In the records below, pick out all lines containing the word "aerial".

PROVIDED DATA:

================================

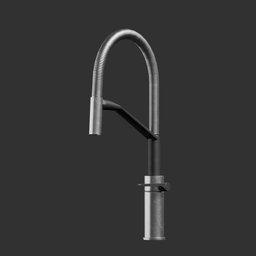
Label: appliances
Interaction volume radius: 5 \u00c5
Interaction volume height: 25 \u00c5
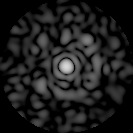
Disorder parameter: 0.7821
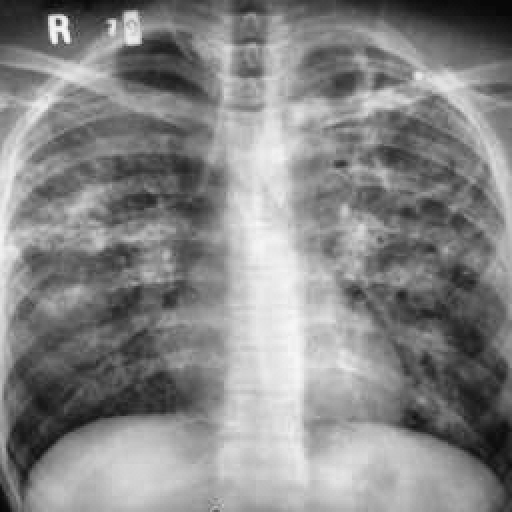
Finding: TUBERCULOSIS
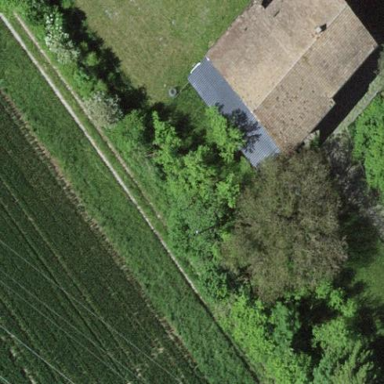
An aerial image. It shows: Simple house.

================================

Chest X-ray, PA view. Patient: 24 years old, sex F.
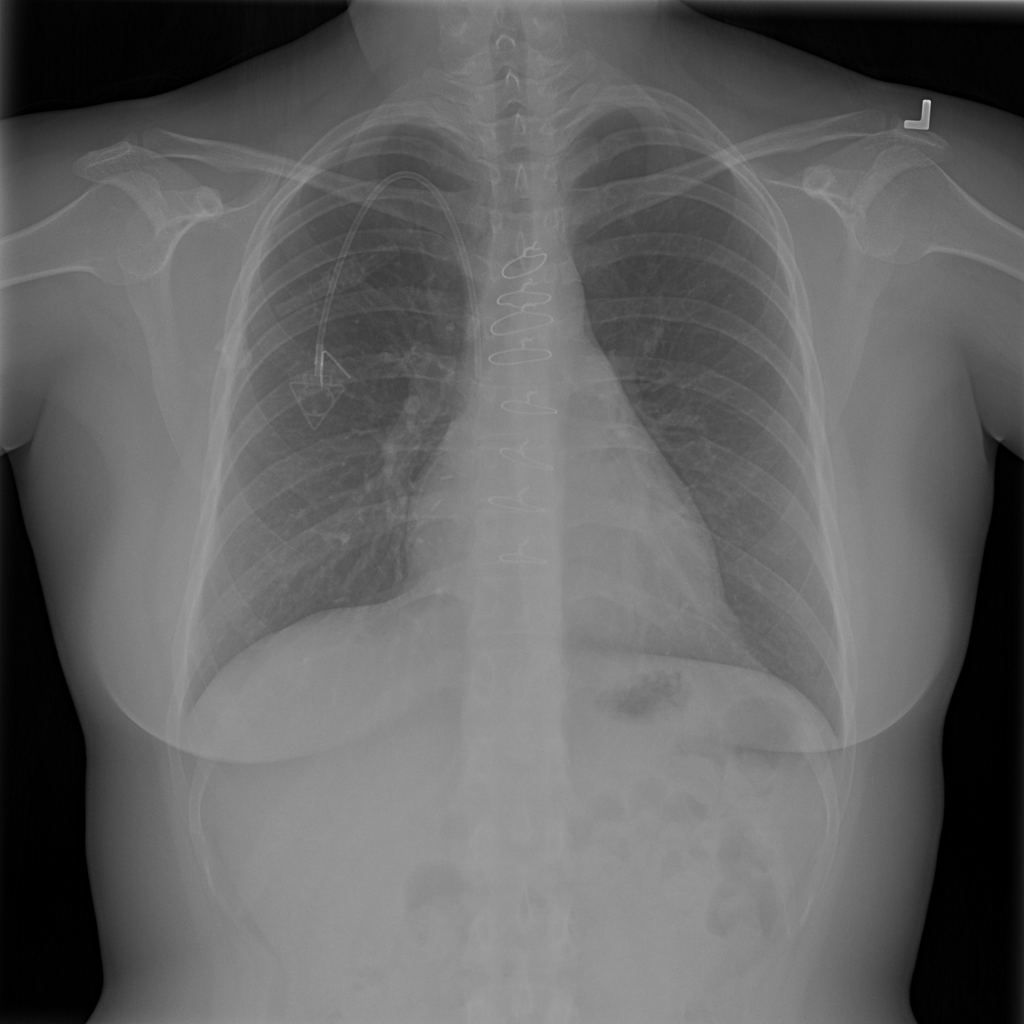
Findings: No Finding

================================

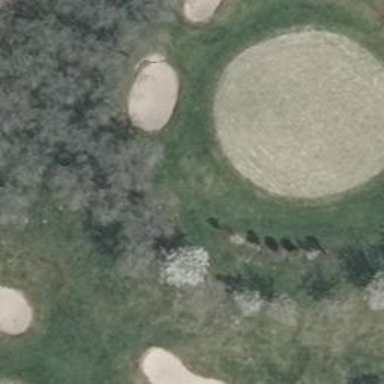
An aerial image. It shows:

================================

RESPONSE TO THIS EXERCISE:
An aerial image. It shows: Simple house.
An aerial image. It shows:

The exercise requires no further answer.